GOAL OF THE EXERCISE — Search the records for the word "working". Copy every line where it appears.

GIVEN INFORMATION —
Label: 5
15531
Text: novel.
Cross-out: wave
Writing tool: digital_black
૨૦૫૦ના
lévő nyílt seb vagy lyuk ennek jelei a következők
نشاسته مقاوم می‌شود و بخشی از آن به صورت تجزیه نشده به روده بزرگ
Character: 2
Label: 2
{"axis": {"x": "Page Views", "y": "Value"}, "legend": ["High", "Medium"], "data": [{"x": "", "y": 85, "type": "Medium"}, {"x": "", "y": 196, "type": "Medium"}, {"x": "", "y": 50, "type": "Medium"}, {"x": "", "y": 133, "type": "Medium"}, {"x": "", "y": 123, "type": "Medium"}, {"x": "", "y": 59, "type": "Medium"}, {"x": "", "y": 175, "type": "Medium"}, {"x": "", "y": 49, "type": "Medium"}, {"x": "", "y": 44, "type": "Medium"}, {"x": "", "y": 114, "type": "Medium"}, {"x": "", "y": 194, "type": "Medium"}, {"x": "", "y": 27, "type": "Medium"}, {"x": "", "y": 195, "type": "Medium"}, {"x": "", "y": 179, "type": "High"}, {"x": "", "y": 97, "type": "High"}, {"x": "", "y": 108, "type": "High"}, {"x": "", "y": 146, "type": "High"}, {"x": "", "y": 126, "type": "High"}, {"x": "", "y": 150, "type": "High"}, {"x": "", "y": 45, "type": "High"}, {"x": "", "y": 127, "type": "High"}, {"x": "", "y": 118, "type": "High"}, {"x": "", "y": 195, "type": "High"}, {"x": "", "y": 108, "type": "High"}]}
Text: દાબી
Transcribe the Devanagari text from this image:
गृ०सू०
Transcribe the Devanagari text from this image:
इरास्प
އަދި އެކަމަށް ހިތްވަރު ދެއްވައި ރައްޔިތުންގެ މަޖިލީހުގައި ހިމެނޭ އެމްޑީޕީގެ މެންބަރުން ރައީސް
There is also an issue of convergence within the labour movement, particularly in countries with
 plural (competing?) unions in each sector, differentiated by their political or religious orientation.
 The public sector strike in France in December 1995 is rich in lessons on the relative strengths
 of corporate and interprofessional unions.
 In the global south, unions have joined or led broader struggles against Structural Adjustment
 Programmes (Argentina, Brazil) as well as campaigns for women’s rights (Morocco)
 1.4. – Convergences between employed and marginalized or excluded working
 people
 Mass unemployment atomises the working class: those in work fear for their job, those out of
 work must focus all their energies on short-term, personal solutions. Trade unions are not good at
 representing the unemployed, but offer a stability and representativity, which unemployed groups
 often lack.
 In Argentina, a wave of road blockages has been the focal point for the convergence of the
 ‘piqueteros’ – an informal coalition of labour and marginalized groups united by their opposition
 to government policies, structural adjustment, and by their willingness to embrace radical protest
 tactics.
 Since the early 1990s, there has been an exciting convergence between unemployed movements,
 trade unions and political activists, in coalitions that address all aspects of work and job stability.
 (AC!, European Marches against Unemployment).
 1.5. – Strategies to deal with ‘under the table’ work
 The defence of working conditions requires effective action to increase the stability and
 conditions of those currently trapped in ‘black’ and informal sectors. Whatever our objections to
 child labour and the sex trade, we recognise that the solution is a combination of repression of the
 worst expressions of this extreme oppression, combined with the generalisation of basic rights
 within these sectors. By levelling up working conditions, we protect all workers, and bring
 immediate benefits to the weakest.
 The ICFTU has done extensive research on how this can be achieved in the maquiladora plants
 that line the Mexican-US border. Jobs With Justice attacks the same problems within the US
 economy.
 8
==
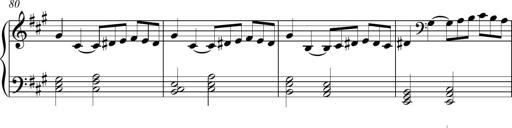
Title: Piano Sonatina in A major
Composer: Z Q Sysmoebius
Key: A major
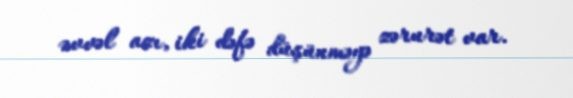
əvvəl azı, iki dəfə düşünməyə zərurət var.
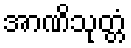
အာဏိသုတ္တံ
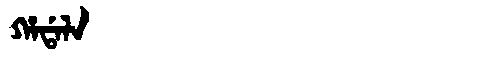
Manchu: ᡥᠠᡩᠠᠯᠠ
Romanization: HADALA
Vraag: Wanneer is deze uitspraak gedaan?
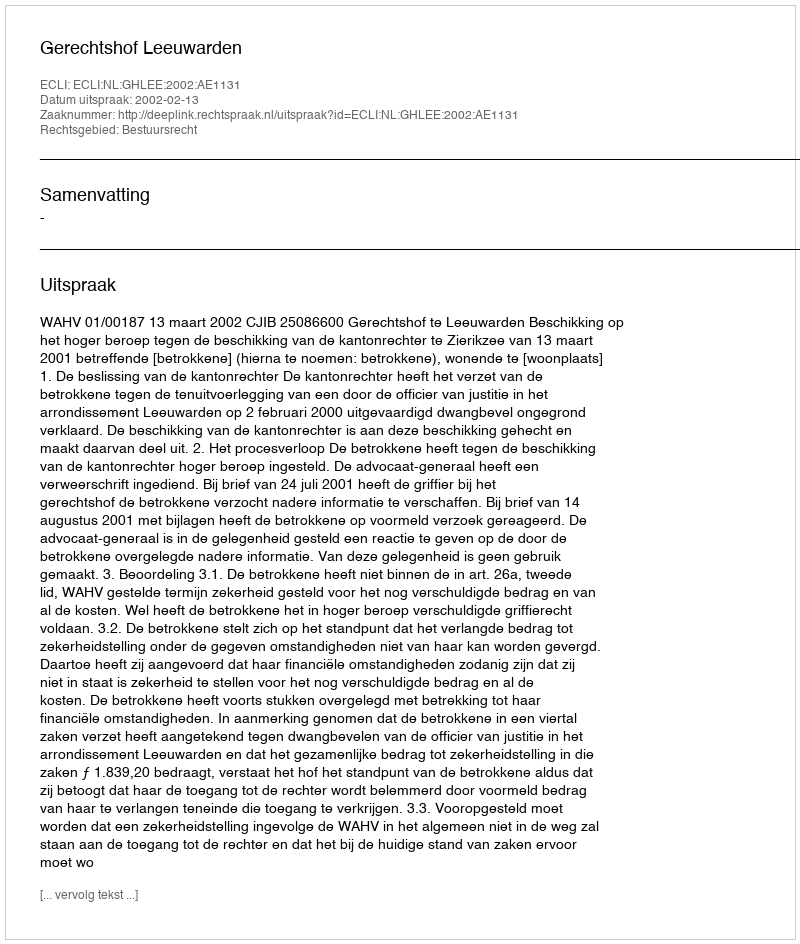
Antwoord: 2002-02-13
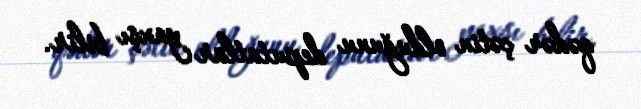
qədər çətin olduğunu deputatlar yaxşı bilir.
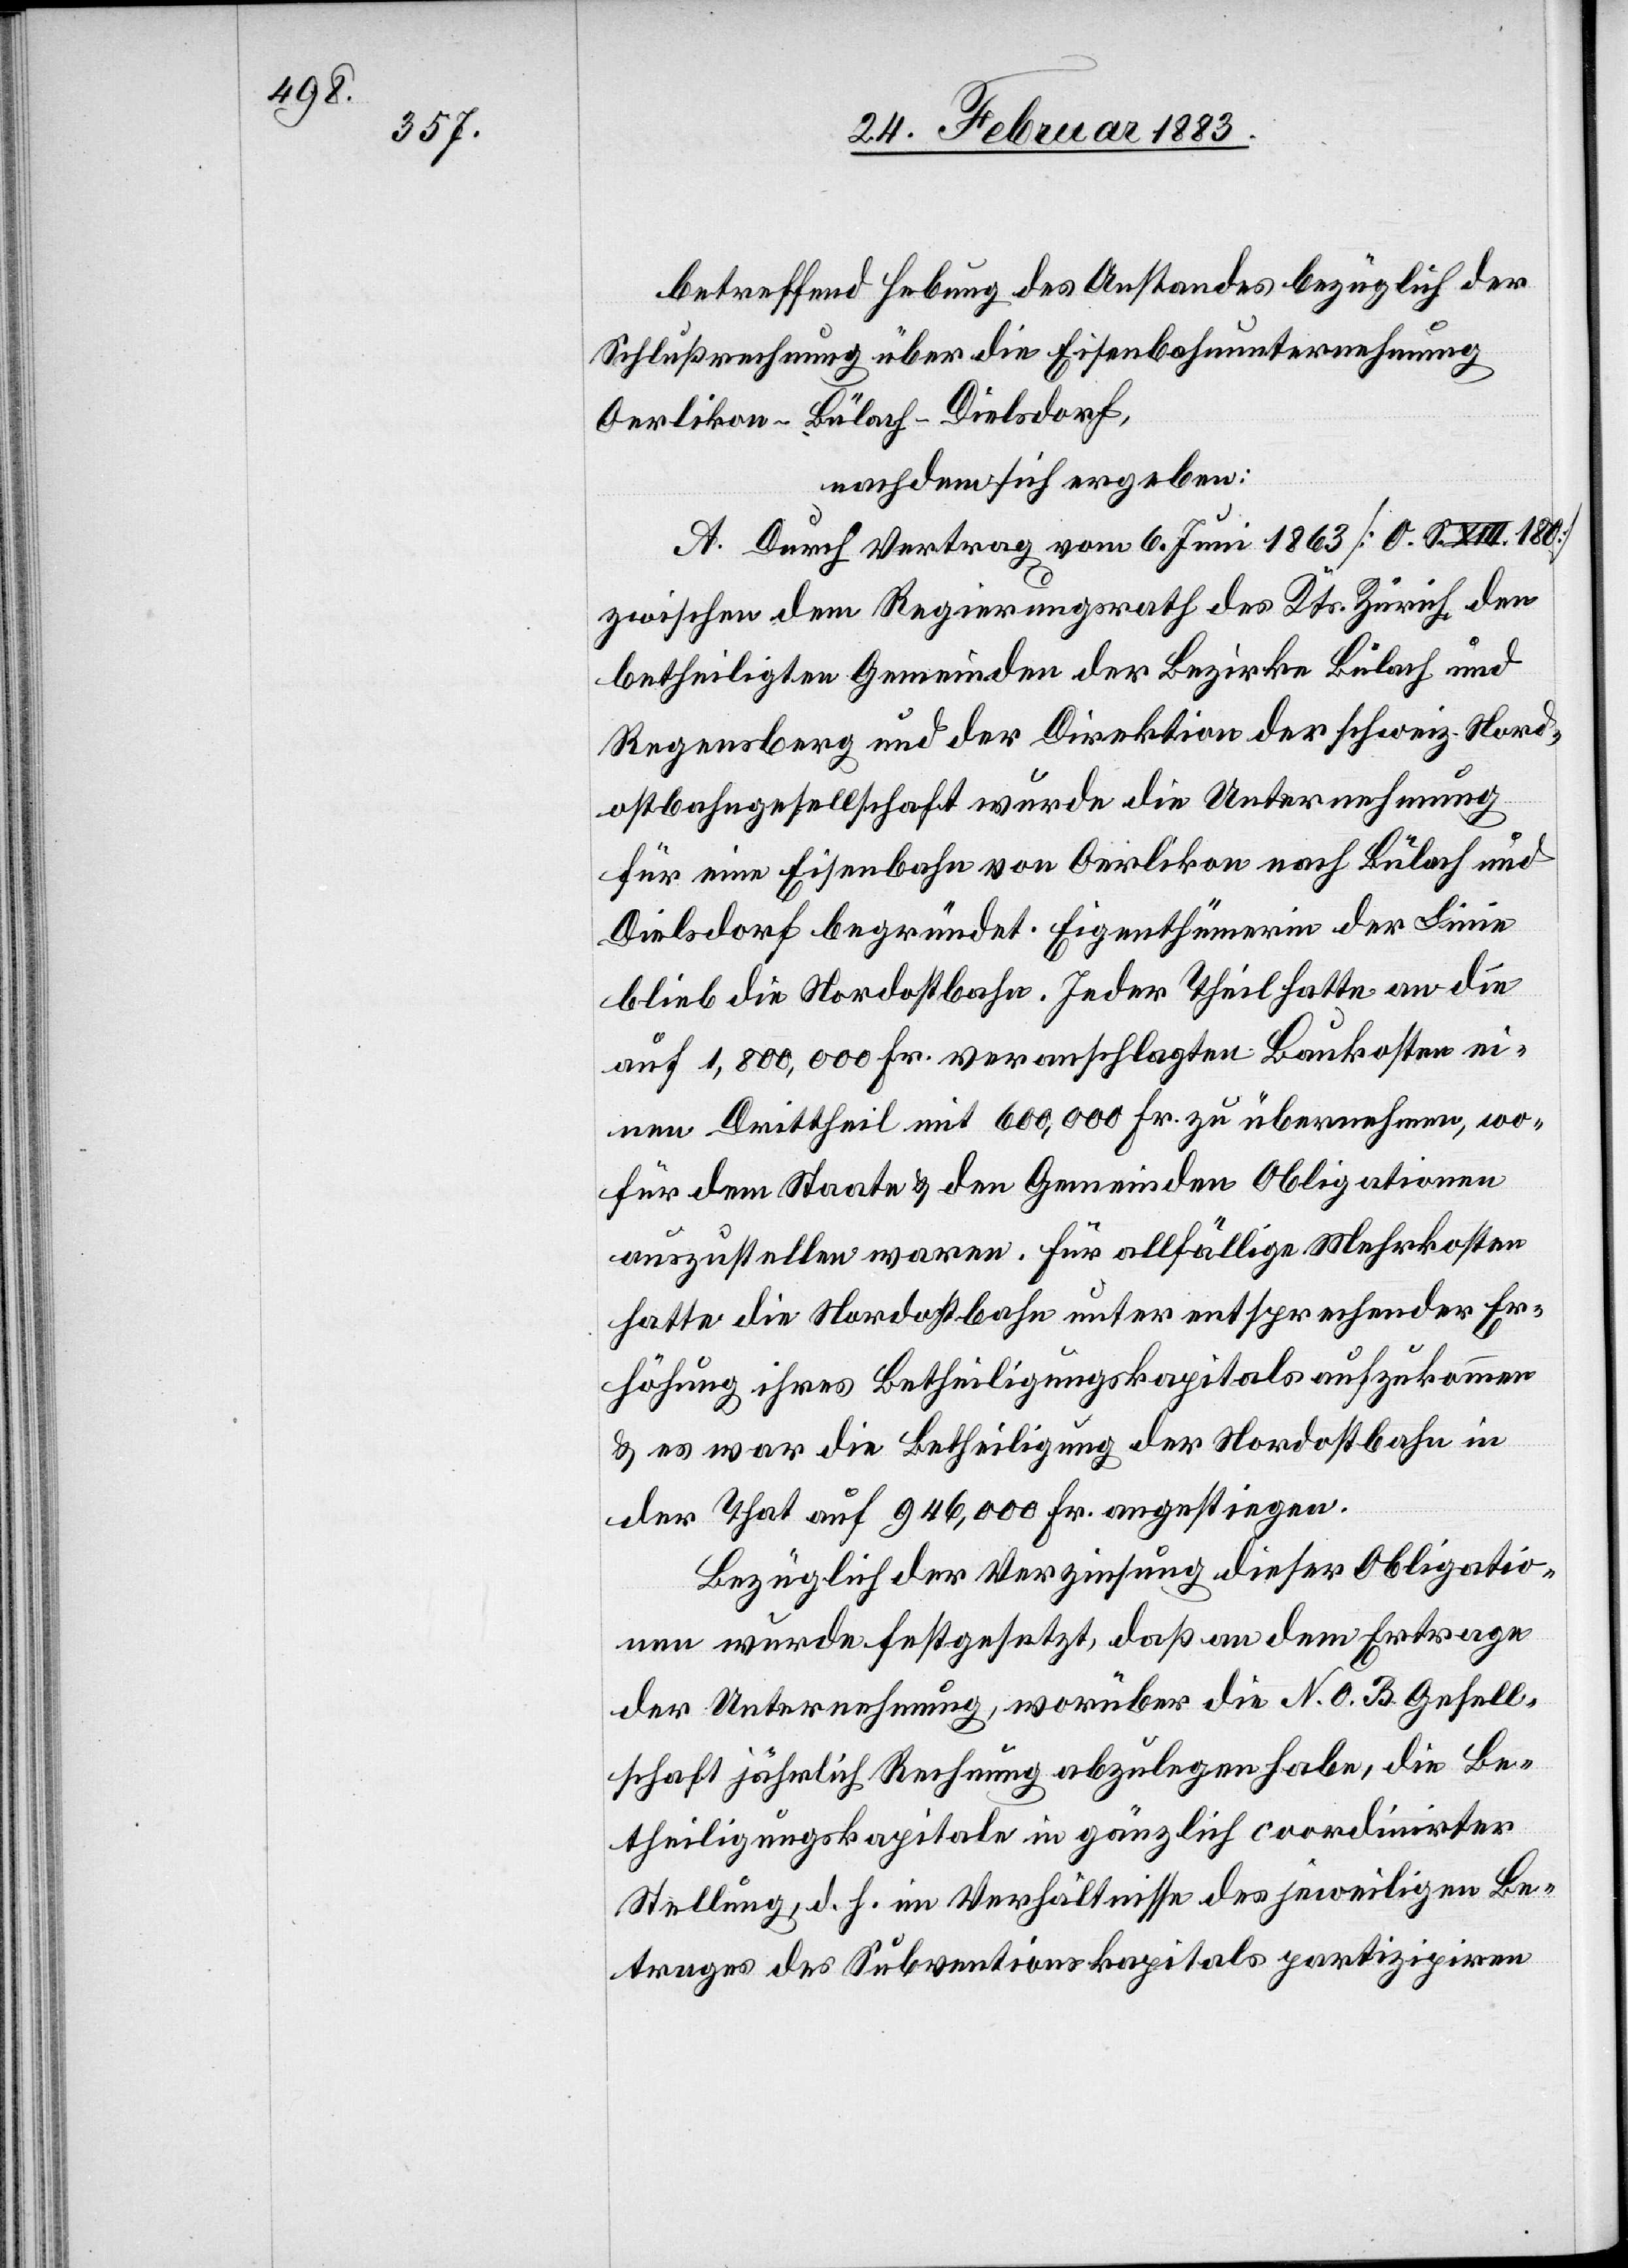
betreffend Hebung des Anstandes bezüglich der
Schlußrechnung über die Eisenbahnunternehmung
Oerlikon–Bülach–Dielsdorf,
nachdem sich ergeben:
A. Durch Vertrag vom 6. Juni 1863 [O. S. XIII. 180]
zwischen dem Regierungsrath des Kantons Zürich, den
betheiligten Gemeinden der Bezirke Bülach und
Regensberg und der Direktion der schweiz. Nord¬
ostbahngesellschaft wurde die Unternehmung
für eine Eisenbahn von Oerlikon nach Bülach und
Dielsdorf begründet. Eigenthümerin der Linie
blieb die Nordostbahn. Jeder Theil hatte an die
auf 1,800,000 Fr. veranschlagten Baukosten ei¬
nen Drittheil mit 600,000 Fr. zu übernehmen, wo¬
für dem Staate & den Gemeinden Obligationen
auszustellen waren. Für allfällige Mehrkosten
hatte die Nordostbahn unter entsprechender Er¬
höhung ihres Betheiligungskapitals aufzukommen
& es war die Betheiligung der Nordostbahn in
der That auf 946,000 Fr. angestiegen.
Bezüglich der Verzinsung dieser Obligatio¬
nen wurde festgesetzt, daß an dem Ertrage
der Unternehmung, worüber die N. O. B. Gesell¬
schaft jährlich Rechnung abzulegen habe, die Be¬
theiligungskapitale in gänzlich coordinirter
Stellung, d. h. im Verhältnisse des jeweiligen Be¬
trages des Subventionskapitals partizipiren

REPLY —
 1.4. – Convergences between employed and marginalized or excluded working
 Mass unemployment atomises the working class: those in work fear for their job, those out of
 The defence of working conditions requires effective action to increase the stability and
 within these sectors. By levelling up working conditions, we protect all workers, and bring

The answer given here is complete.